Let be $G=(V,E)$ a graph and let be $U$ a set containing circles in $G$. Is $(U, E)$ a matroid? I draw an easy graph (undirected) and checked this property. It does not hold for my example.
My example was like a graph with nodes $V=\{1,2,3,4\}$ and edges $E=\{a,b,c,d,e\}$ with the circles $\{a,b,d\}$ , $\{a,b,c,e\}$ and $\{d,e,c\} $ and this one would be a matroid if the empty set would not be missing. So the statement is not true or am I missing something? Any Help is much appreciated.

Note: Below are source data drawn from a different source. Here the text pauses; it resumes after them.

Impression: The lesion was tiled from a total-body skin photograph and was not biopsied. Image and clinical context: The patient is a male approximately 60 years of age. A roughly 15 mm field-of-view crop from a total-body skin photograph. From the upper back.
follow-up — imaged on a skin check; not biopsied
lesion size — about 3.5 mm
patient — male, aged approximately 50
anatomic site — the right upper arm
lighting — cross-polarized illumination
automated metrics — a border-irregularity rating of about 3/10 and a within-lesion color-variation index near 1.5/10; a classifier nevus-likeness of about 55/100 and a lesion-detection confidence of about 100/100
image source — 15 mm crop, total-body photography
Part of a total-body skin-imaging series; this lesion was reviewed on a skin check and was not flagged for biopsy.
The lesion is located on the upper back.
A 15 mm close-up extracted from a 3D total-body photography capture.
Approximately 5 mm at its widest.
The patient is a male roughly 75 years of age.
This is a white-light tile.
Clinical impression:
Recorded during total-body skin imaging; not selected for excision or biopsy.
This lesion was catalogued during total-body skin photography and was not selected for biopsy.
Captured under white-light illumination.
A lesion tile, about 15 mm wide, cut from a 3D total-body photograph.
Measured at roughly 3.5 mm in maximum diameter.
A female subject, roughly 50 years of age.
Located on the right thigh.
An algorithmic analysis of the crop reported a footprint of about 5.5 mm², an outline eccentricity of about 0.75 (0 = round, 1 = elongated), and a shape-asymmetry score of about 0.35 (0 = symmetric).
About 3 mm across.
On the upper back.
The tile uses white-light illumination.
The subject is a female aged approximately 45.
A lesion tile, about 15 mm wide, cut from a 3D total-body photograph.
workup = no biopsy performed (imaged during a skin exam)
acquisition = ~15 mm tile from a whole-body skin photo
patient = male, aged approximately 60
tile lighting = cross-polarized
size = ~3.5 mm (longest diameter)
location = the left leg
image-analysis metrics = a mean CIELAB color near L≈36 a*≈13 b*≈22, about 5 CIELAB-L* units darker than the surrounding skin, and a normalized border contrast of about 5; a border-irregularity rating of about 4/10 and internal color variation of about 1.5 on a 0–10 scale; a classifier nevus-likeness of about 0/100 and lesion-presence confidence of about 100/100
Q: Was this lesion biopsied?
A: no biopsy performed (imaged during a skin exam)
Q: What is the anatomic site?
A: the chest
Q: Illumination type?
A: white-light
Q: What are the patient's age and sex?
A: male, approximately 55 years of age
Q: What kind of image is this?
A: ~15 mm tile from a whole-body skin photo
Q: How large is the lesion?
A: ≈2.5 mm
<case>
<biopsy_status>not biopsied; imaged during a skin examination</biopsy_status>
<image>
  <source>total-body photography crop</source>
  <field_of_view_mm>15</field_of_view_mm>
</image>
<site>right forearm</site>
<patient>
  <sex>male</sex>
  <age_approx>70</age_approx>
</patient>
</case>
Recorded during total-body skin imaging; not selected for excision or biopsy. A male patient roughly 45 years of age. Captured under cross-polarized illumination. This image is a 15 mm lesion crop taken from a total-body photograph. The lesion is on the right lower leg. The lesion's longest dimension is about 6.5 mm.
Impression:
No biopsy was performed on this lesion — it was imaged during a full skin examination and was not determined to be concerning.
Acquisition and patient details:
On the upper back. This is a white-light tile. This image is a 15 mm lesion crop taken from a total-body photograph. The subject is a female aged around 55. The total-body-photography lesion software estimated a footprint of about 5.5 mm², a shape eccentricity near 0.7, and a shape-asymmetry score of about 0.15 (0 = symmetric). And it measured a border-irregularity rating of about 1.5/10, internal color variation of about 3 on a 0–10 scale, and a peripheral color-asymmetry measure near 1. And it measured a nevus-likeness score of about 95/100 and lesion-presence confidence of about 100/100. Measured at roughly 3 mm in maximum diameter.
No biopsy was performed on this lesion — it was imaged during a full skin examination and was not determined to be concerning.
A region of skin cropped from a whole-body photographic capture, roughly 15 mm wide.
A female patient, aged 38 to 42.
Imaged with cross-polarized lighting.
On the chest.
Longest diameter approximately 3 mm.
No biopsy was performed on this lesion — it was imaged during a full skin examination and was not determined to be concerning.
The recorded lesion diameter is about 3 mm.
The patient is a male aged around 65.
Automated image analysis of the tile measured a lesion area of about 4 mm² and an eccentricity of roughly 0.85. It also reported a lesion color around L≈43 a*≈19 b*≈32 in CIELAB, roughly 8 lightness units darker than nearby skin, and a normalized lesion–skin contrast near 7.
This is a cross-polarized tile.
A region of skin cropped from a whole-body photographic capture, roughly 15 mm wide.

A subset $C$ of circles (which I will call cycles here) of a graph $G$ cannot form the independent sets of a matroid. The reason for this is that the empty set is always an independent set (see the first axiom here) of a matroid while it is always (trivially) acyclic in $G$.
What happens if we append the empty set to $C$? Well, if $C' := C \cup \{\emptyset\}$ are the independent sets of a matroid then they form a simplicial complex (every subset of set in $C'$ is also in $C'$). In particular, for every edge $e$ in some cycle in $C'$ we have $\{e\} \in C'$. But since $C'$ is a collection of cycles of $G$ it follows that $e$ is a loop in $G$. But this implies that every cycle in $C'$ is a loop. So any matroid whose independent sets are of the form $C'$ is the trivial matroid (whose only basis is the empty set) together with some loops, that is, the uniform matroid $\mathcal{U}_{0,n}$ where $n$ is the number of loops.
On the other hand, the cycles of any graph $G$ do yield a matroid (the cycle matroid of $G$) whose circuits are the cycles of $G$ and whose independent sets (respectively, bases) are the forests (spanning forests) of $G$.